[Records from a data collection]
-----

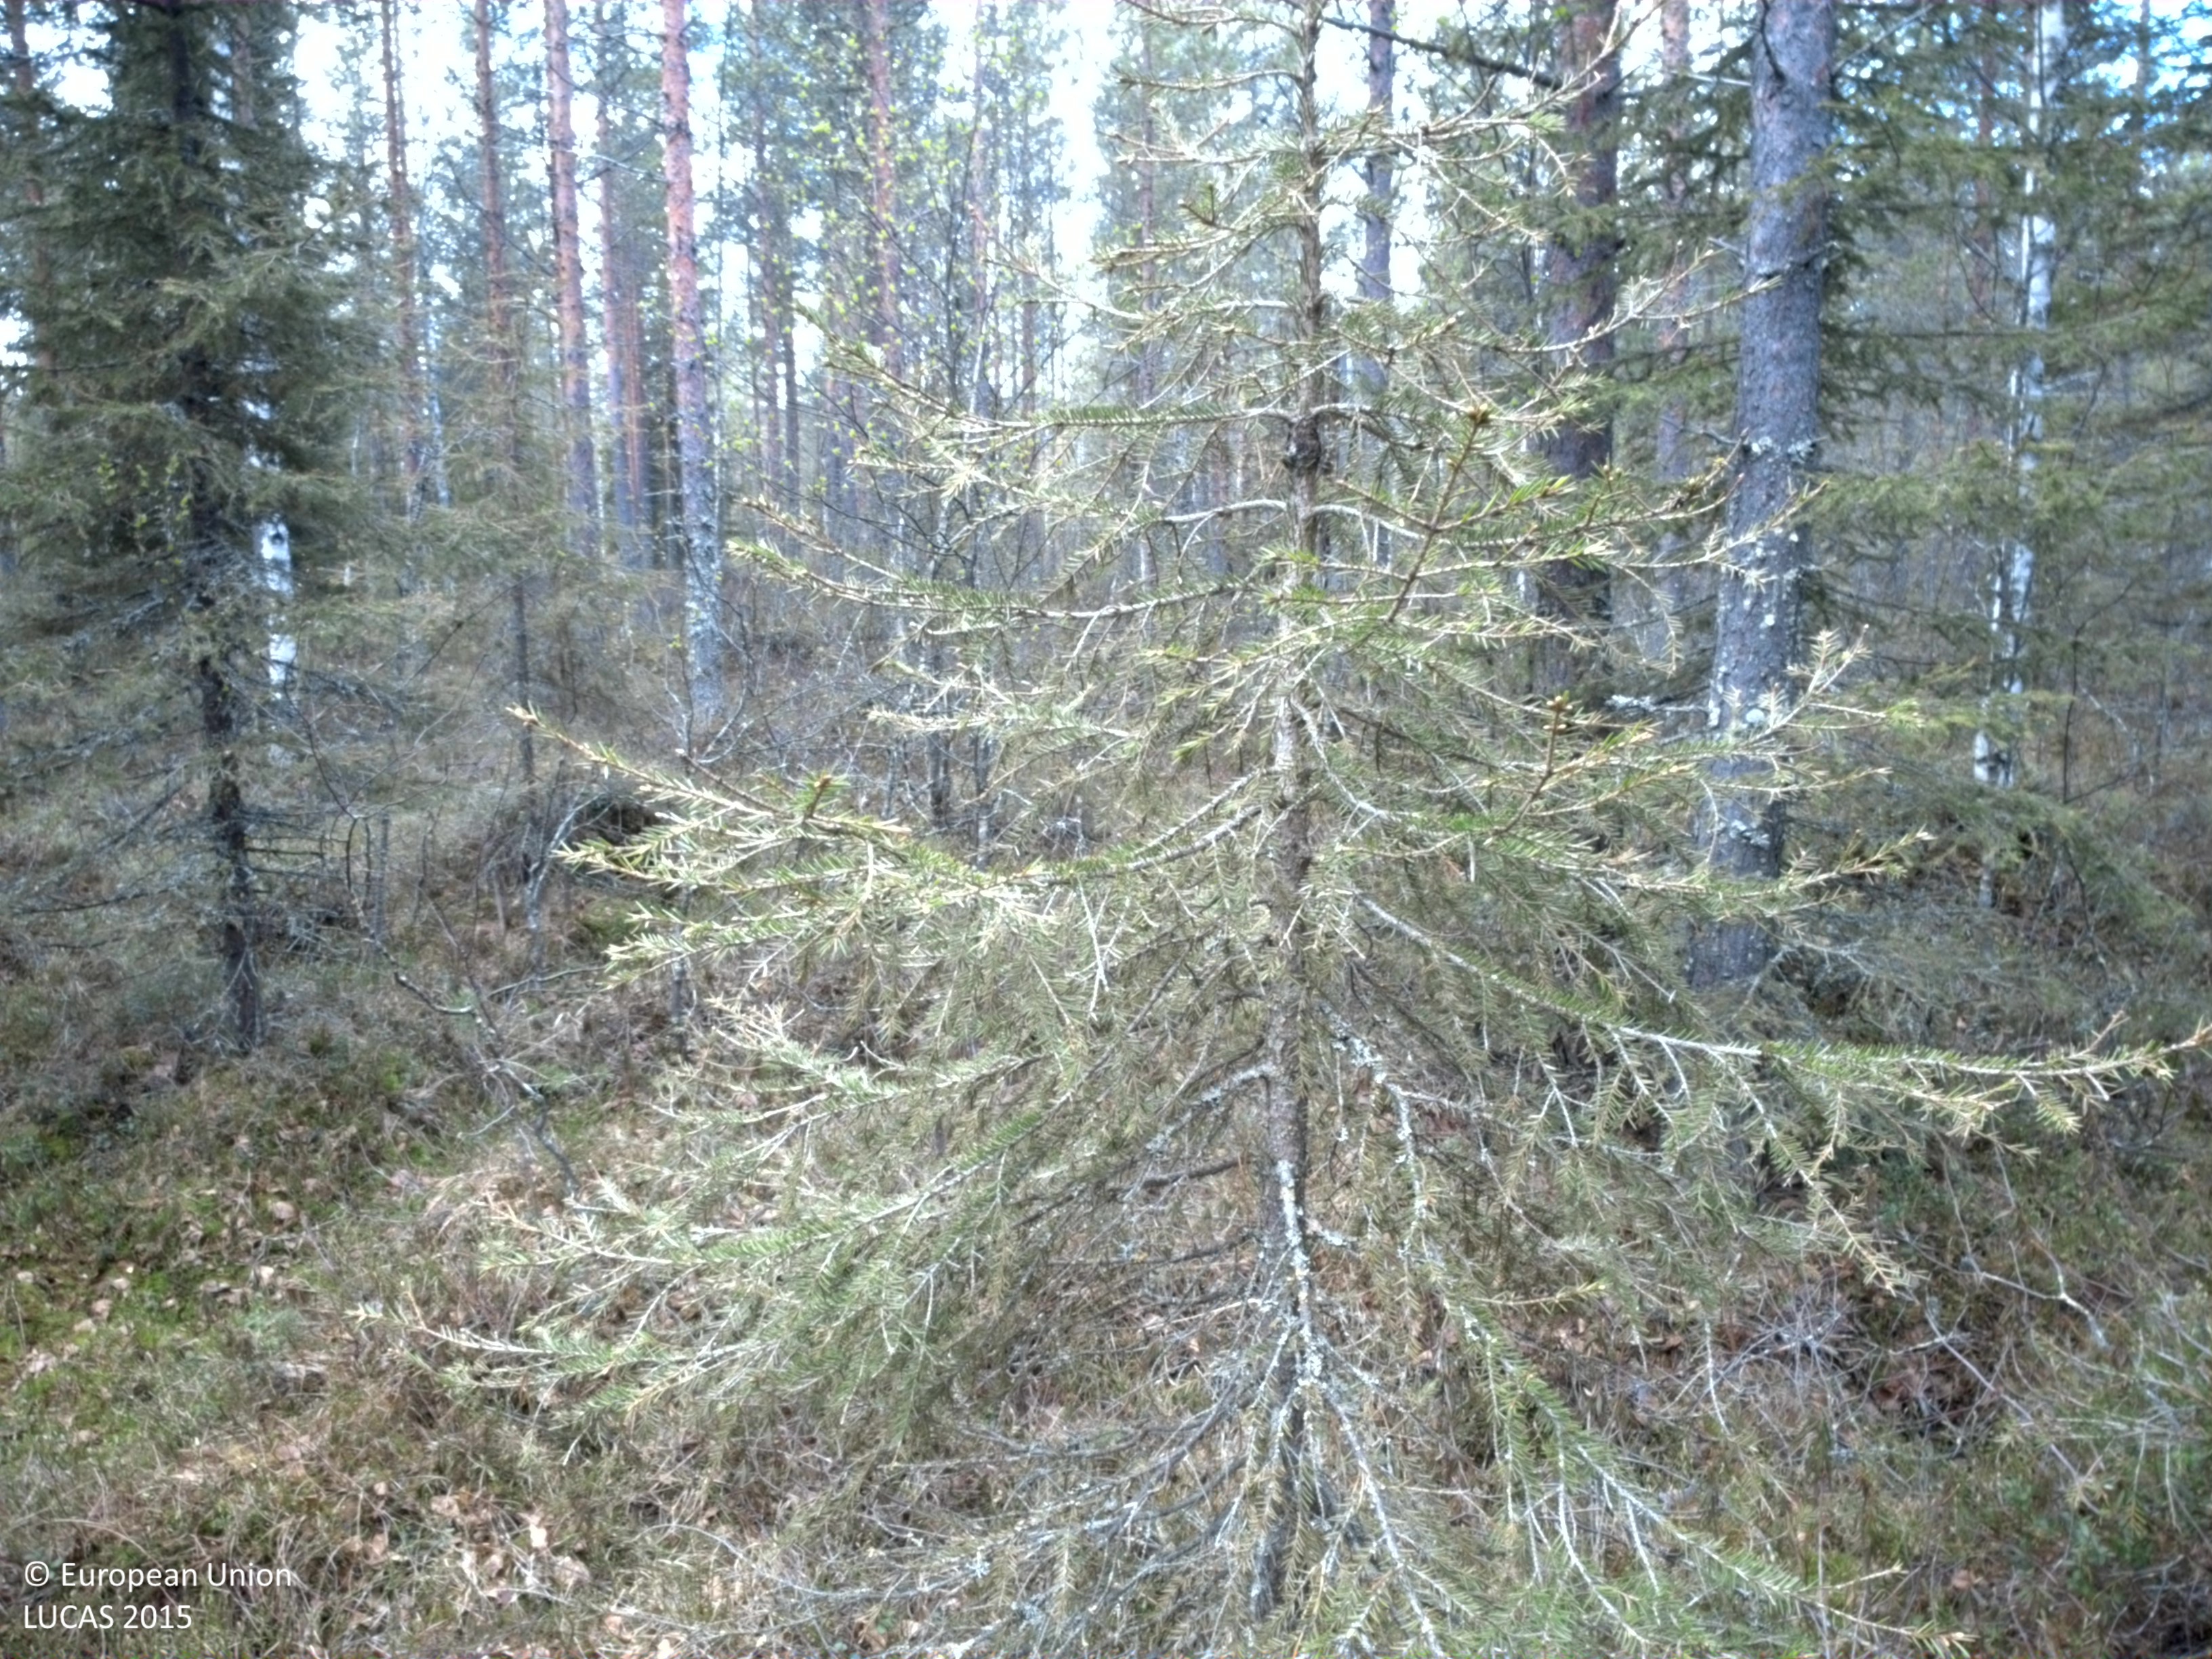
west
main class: Woodland
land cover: Pine dominated mixed woodland
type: boreal forest
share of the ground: > 75 %
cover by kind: coniferous forest trees 60 %, broadleaved forest trees 20 %, shrubs 20 %
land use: Forestry
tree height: > 5 m
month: May
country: SE
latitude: 66.0987
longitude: 23.2800
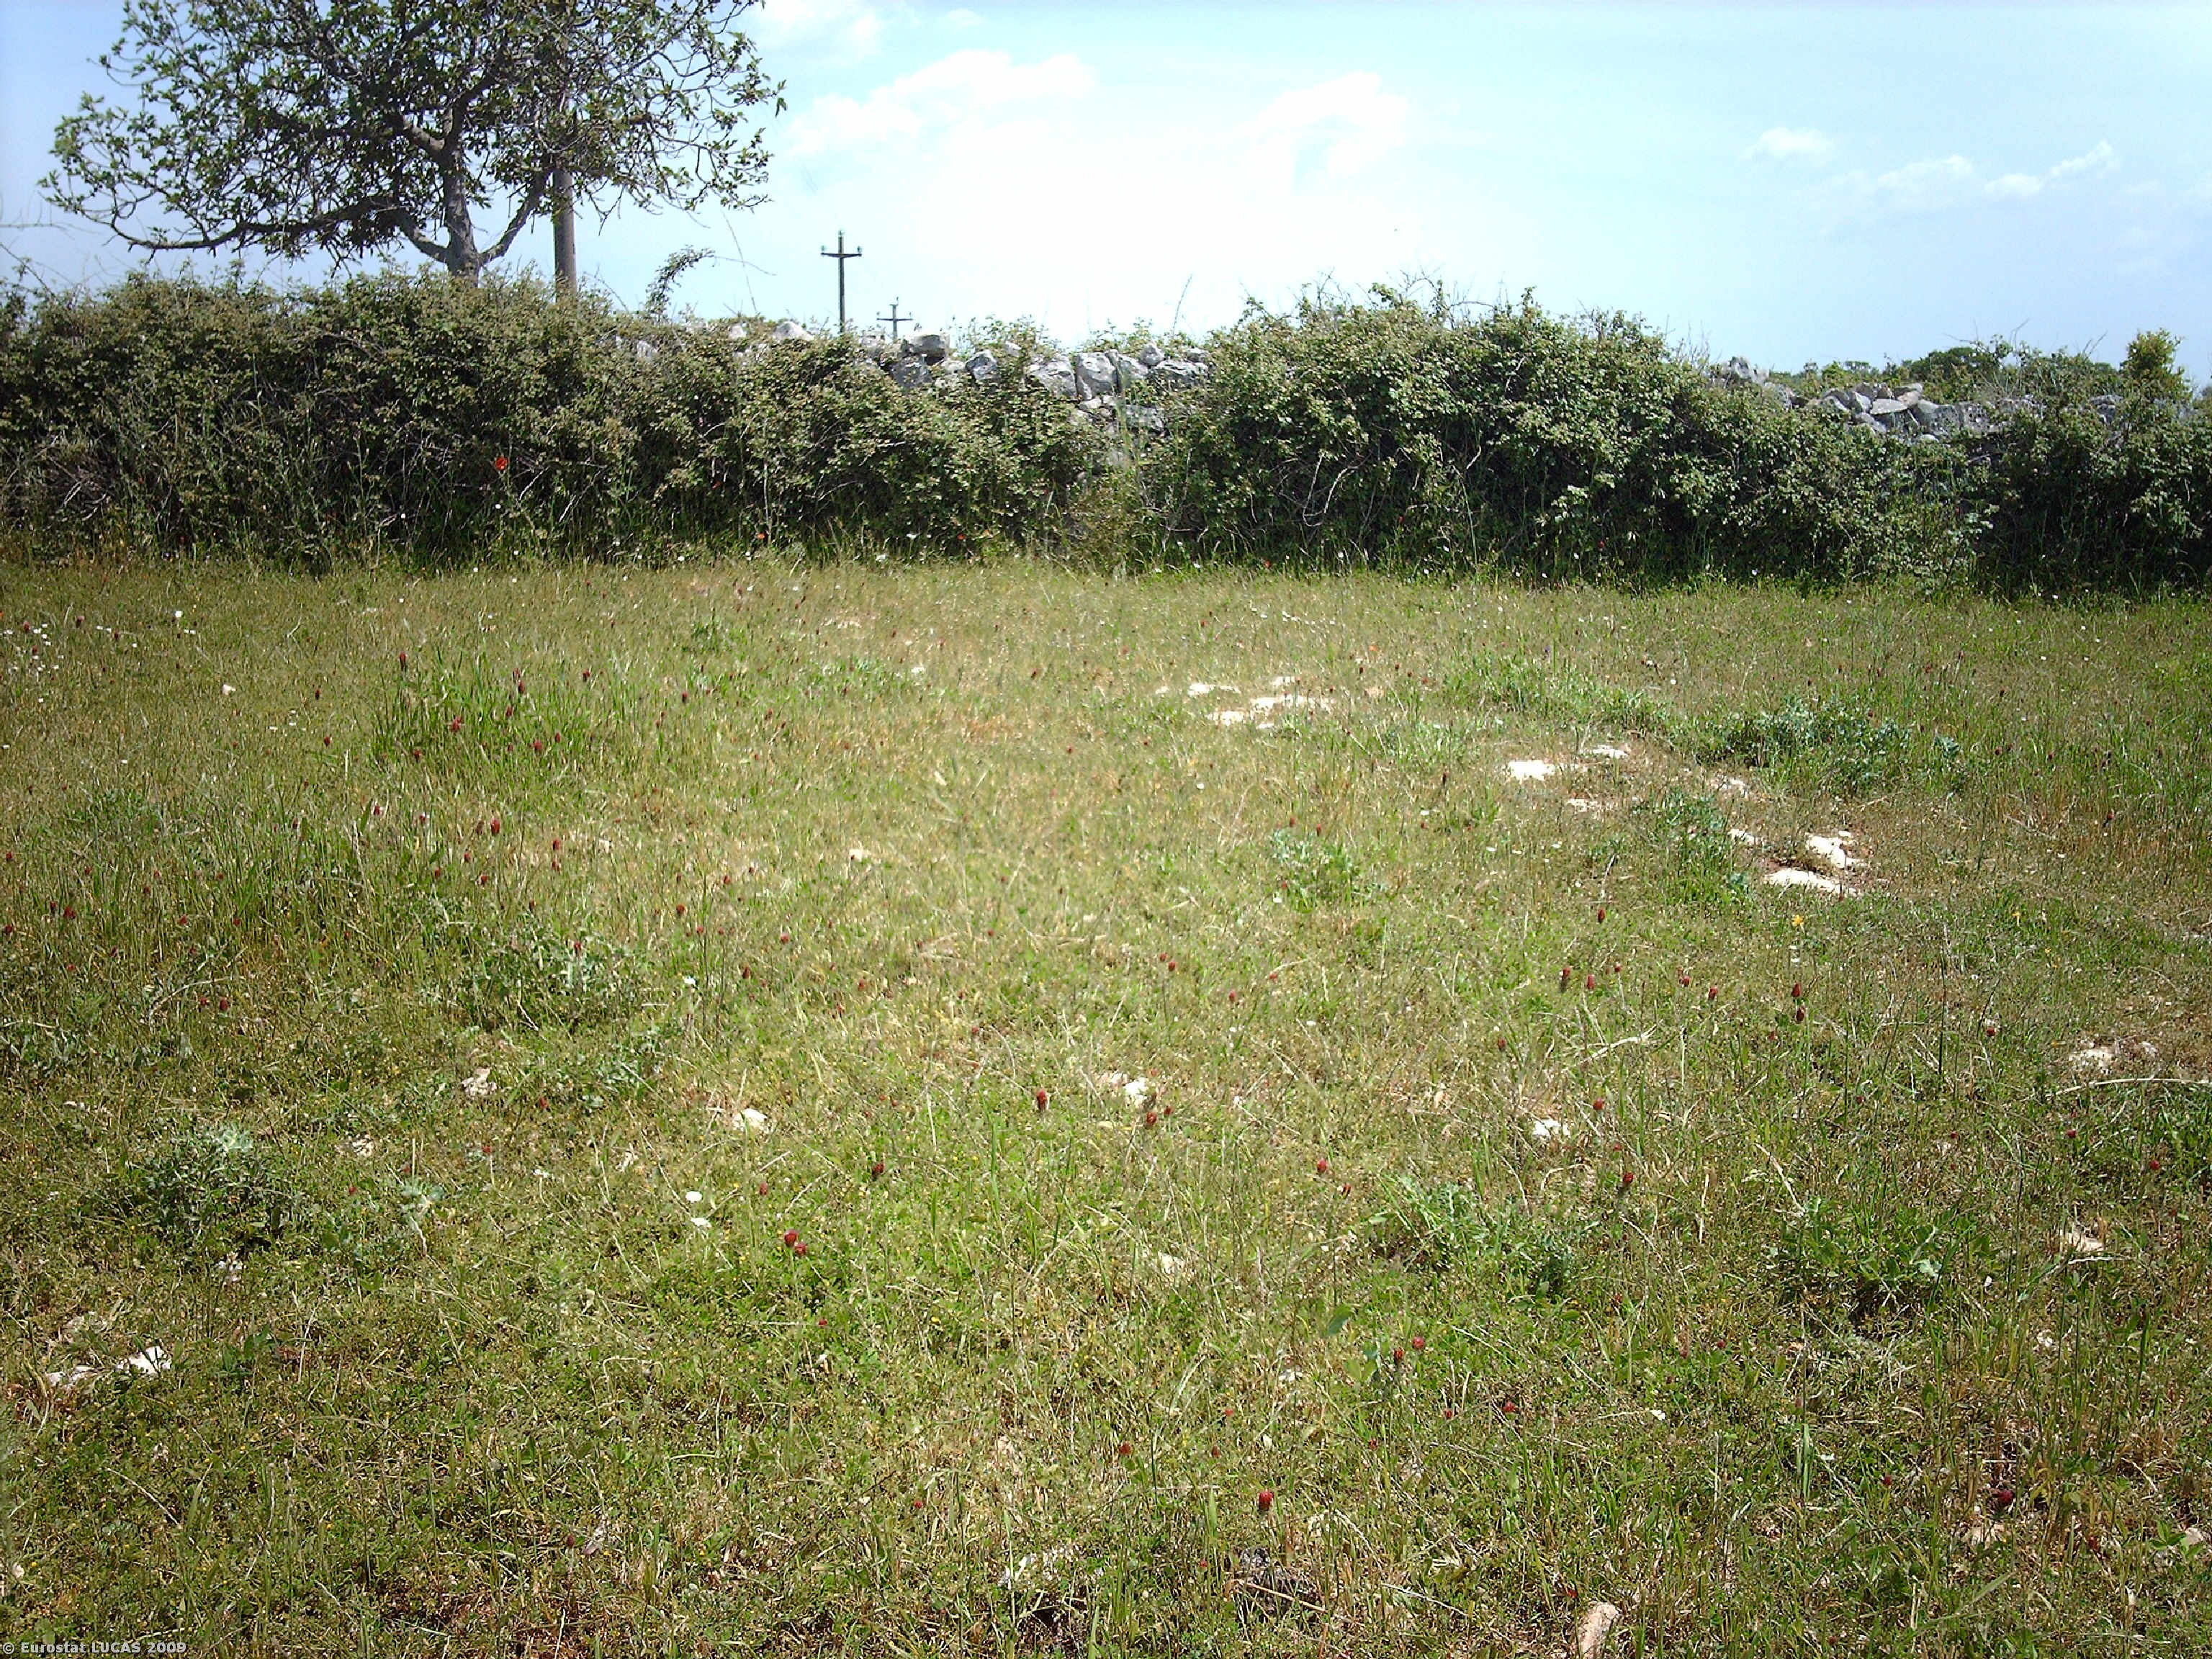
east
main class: Grassland
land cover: Grassland without tree/shrub cover
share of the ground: > 75 %
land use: Agriculture (excluding fallow land and kitchen gardens)
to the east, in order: Grassland without tree/shrub cover; Shruby margins; Dry stone walls; Tracks; Grass margins; Dry stone walls; Grass margins; Grassland without tree/shrub cover; Dry stone walls; Olive groves; Grassland without tree/shrub cover; Dry stone walls; Grass margins; Dry stone walls; Grassland with sparse tree/shrub cover
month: May
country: IT
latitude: 40.8316
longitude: 17.0335
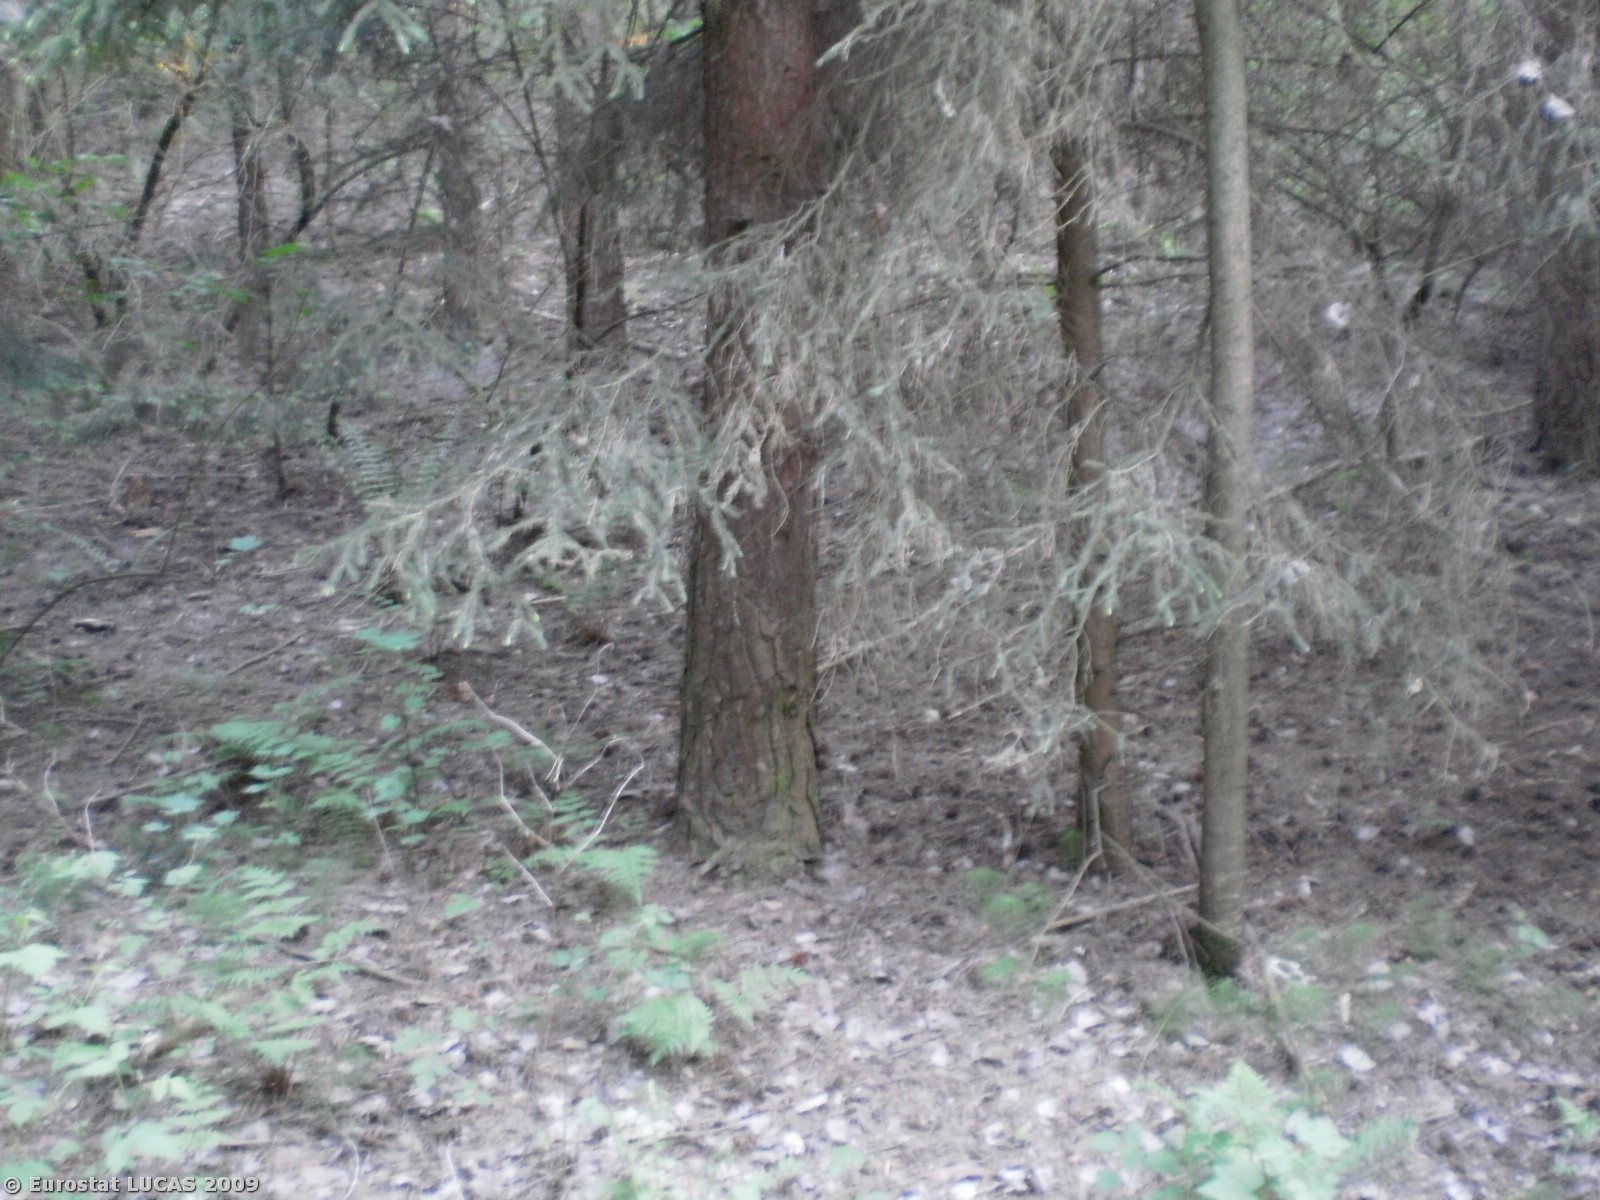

-----

## ASSIGNMENT:
Would you write out all of the data exactly as it stands, without the pictures?

## RESULT OF THE TASK:
west
main class: Woodland
land cover: Pine dominated mixed woodland
type: boreal forest
share of the ground: > 75 %
cover by kind: coniferous forest trees 60 %, broadleaved forest trees 20 %, shrubs 20 %
land use: Forestry
tree height: > 5 m
month: May
country: SE
latitude: 66.0987
longitude: 23.2800
east
main class: Grassland
land cover: Grassland without tree/shrub cover
share of the ground: > 75 %
land use: Agriculture (excluding fallow land and kitchen gardens)
to the east, in order: Grassland without tree/shrub cover; Shruby margins; Dry stone walls; Tracks; Grass margins; Dry stone walls; Grass margins; Grassland without tree/shrub cover; Dry stone walls; Olive groves; Grassland without tree/shrub cover; Dry stone walls; Grass margins; Dry stone walls; Grassland with sparse tree/shrub cover
month: May
country: IT
latitude: 40.8316
longitude: 17.0335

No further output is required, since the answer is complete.